Adenocarcinoma of the cervix may evade detection during its earliest stages. Some women who have cervical cancer may experience pelvic pain, pain during intercourse or urination, or heavy vaginal discharge. Abnormalities in the menstrual cycle may also indicate adenocarcinoma of the cervix, but these abnormalities are common symptoms of several other gynecological disorders. Most women with stage I or II cervical cancer have no symptoms.
This type of cancer involves the same treatment procedure as squamous cell cancer. Radiation therapy is the standard means of destroying cancerous tissue in the cervix, and some lesions may be treated with chemotherapy. More progressed stages of the disease may require surgery to remove cancerous tissue. In extreme cases, a patient will undergo a radical hysterectomy, which removes most of the tissue in the female reproductive system. Treatment is more successful when the cancer is detected in the early stages and its effectiveness declines as the disease progresses.

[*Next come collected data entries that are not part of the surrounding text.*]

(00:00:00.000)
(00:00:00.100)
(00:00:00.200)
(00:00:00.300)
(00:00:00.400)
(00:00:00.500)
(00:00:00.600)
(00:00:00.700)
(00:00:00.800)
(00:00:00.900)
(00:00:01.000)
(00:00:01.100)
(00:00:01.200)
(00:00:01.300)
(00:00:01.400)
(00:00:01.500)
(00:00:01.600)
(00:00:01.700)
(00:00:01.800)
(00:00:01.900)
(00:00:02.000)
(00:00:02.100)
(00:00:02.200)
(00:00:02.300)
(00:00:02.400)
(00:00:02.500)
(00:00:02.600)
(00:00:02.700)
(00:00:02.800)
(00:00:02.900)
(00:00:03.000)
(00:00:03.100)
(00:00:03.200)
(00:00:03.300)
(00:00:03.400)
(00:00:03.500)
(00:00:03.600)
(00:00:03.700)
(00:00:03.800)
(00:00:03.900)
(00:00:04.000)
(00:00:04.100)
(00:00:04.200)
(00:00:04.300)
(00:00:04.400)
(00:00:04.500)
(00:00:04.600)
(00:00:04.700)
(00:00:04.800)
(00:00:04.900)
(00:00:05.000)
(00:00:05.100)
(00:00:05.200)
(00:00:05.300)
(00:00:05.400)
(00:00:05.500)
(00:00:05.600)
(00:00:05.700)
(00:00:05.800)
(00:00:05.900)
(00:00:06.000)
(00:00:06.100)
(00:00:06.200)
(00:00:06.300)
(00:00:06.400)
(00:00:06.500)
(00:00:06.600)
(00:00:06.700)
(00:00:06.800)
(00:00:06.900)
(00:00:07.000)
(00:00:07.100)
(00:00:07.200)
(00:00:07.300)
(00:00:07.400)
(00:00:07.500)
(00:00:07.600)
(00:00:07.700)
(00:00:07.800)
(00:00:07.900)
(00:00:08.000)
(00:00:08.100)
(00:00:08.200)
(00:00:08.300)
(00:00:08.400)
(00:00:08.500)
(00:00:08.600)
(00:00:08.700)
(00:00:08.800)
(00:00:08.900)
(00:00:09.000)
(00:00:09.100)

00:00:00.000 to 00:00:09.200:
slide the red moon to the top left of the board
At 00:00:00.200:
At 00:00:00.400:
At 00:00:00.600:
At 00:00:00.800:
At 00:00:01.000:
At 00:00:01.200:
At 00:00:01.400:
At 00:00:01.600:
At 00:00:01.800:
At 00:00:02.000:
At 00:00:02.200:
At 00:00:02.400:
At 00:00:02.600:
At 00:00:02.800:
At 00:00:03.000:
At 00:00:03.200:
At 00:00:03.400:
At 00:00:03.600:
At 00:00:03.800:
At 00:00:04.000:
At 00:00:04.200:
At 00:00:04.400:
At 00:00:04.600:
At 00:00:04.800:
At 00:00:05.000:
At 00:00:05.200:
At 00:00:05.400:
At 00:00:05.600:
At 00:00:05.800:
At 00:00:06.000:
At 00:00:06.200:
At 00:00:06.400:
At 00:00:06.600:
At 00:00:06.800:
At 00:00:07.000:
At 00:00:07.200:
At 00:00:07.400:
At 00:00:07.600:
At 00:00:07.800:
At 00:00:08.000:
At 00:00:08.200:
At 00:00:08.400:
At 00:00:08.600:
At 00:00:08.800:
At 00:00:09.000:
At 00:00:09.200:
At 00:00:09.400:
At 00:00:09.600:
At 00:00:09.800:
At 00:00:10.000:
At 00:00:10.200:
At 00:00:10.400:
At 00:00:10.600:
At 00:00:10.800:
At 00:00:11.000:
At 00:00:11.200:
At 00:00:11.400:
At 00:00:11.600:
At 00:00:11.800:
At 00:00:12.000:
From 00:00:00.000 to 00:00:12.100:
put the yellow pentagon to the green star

Treatments also vary depending on the age and decisions made by the woman afflicted by adenocarcinoma of the cervix. Some women may chose a combination of radiation and chemotherapy over surgery if they want to preserve their ability to bear children or otherwise wish to avoid surgery. Consultation with a gynecological oncologist will help women to understand their individual options and prognosis.